CN211239834U - Medium wave transmitter control by temperature change activestandby switching device - Google Patents

Abstract

The utility model provides a temperature control master-slave switching device for a medium wave transmitter, which comprises a main circuit efficacy board of the medium wave transmitter, a spare circuit efficacy board of the medium wave transmitter, a first temperature sensor, a second temperature sensor, a temperature control module and a switching module, wherein the first temperature sensor and the second temperature sensor are respectively used for detecting the temperature of the main circuit efficacy board of the medium wave transmitter and the spare circuit efficacy board of the medium wave transmitter in real time, and the output ends of the first temperature sensor and the second temperature sensor are connected with the temperature acquisition input end of the temperature control module; the power supply circuits of the main circuit power efficiency board and the standby circuit power efficiency board of the medium-wave transmitter are jointly connected to the switching module, and one switching module selects to be connected with the power supply circuit.
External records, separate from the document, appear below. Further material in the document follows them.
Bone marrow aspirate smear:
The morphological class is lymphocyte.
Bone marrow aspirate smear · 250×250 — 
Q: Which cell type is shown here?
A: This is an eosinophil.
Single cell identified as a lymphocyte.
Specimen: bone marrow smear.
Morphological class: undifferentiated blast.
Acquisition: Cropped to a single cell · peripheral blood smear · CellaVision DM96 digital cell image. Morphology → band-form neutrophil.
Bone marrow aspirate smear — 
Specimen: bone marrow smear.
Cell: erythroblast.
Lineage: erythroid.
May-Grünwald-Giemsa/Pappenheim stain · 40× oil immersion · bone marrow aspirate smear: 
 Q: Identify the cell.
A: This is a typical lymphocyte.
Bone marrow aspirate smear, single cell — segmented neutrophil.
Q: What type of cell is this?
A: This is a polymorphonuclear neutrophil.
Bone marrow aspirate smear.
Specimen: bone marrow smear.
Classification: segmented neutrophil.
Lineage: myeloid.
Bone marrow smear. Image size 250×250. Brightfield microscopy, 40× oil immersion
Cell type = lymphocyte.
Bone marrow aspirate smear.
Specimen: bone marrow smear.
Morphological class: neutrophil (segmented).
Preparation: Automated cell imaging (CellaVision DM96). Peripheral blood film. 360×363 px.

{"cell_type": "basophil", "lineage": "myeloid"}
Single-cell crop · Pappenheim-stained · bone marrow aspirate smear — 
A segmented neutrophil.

Compared with the prior art, the utility model discloses make full use of the hardware interface of equipment self configuration, job stabilization is reliable, avoids leading to the stop broadcasting because of the trouble that generates heat, has played important effect to the safe broadcasting of transmitter.

Description

Medium wave transmitter control by temperature change activestandby switching device

Technical Field

The utility model relates to a control by temperature change activestandby switching device of medium wave transmitter.

Background

With the continuous development of information technology, the application of the medium wave broadcast transmitter in China is more and more extensive, and the medium wave broadcast transmitter plays an important role in the development of the broadcast transmitting industry. The maintenance work is the important work content in the operation of the medium wave transmitter, so that the stability of the operation of the equipment can be ensured, and the economic benefit of the use of the equipment can be improved.
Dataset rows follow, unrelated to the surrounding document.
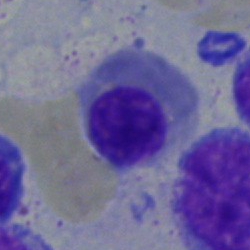

Single cell identified as an erythroblast.
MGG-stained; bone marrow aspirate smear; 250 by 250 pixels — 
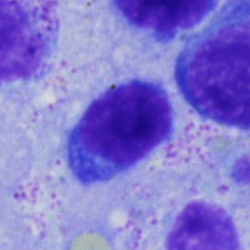

Single cell identified as a lymphocyte.
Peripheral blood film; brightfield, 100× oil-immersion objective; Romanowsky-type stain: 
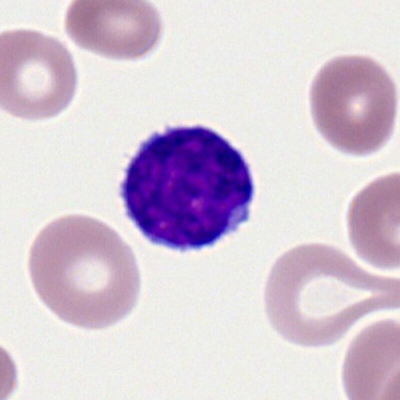 This is a lymphocyte.
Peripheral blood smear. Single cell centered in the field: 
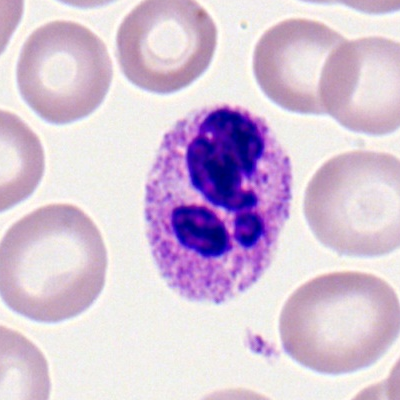Impression → eosinophil.
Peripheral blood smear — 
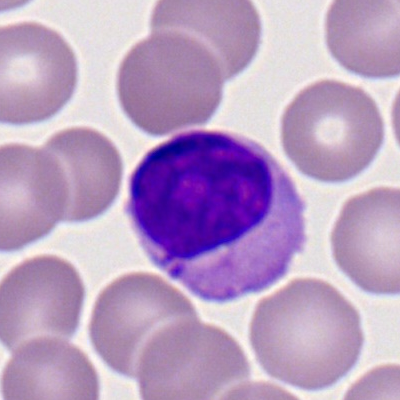Q: What type of cell is this?
A: It is a lymphocyte.
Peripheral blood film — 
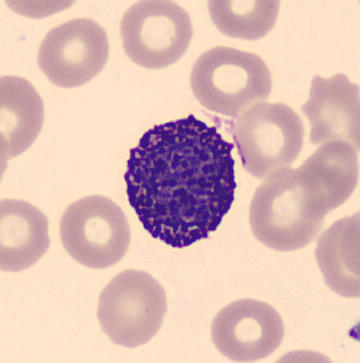 Cell: basophil.
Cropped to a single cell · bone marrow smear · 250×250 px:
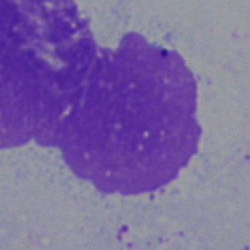
Morphology consistent with an artefact.
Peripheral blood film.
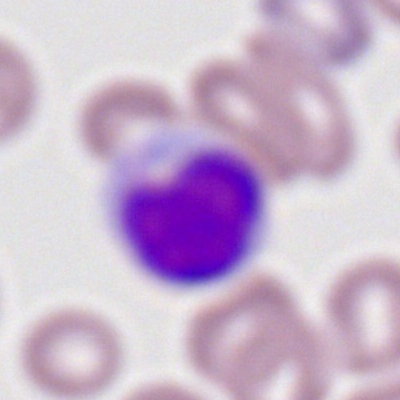
Specimen: peripheral blood smear.
Cell: lymphocyte.
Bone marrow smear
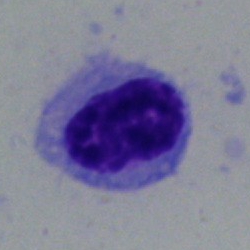

Classification = hairy cell.
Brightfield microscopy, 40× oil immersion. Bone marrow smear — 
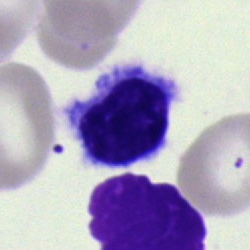Morphology → lymphocyte.
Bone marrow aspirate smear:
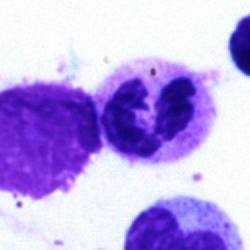

Cell type = segmented neutrophil.
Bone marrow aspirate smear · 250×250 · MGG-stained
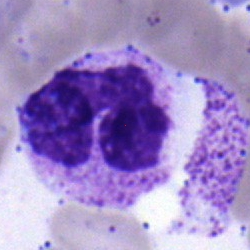The cell shown is a neutrophil (band).
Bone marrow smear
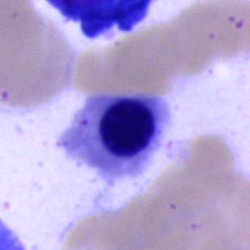
Cell type = nucleated red cell.
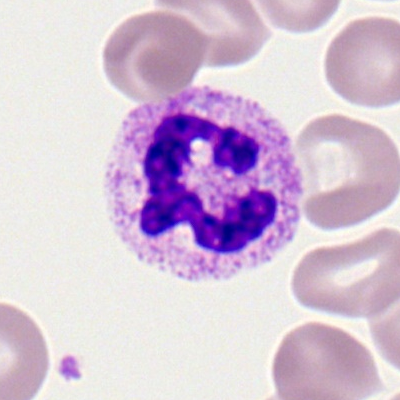Morphological class: polymorphonuclear neutrophil.

Practice proves that various faults can occur due to interference of the device and external conditions in the operation process of the medium wave transmitter, the faults are generally divided into soft faults and hard faults, the hard faults are sudden-change faults, complete faults and the like, the sudden-change faults are faults caused by sudden change of internal elements when the transmitter operates, and the complete faults are caused by damage of internal circuits of the transmitter.

Disclosure of Invention

The utility model provides a control by temperature change activestandby switching device of medium wave transmitter. The device has the characteristics of protecting the internal components of the transmitter and reducing mutation conditions, thereby reducing the broadcasting stop time and maintenance times of the transmitter and further adapting to the requirements of customers.

The utility model discloses the technical scheme who adopts as follows:

a temperature control main-standby switching device of a medium-wave transmitter comprises a main circuit efficacy board of the medium-wave transmitter, a standby circuit efficacy board of the medium-wave transmitter, a first temperature sensor, a second temperature sensor, a temperature control module and a switching module; the temperature acquisition device comprises a temperature control module, a first temperature sensor, a second temperature sensor, a first temperature sensor and a second temperature sensor, wherein the first temperature sensor and the second temperature sensor are respectively used for detecting the temperature of a main circuit efficacy board and a standby circuit efficacy board of a medium-wave transmitter in real time; the power supply loops of the main circuit power efficiency board and the standby circuit power efficiency board of the medium-wave transmitter are jointly connected to the switching module, and one switching module selects one power supply loop;

the temperature control module is also provided with a state signal input end which is used for obtaining the current state attributes of the main circuit efficacy board and the standby circuit efficacy board of the medium-wave transmitter; and a threshold judging unit is arranged in the temperature control module and used for judging whether the currently working efficacy board is over-temperature or not, and the temperature control module cuts off a power supply loop of the currently working efficacy board and switches on a power supply loop of the other efficacy board through the switching module when the temperature control module determines the over-temperature. According to the working attribute of the current efficacy board, the temperature control module judges whether the temperature is over-temperature, if so, the power supply circuit of the other efficacy board is immediately switched to, and the broadcasting stop is not caused; and the problem that a certain efficacy board is operated at an over-high temperature for a long time to cause a fault due to over-high temperature is also avoided, so that the risk of broadcasting stop is reduced.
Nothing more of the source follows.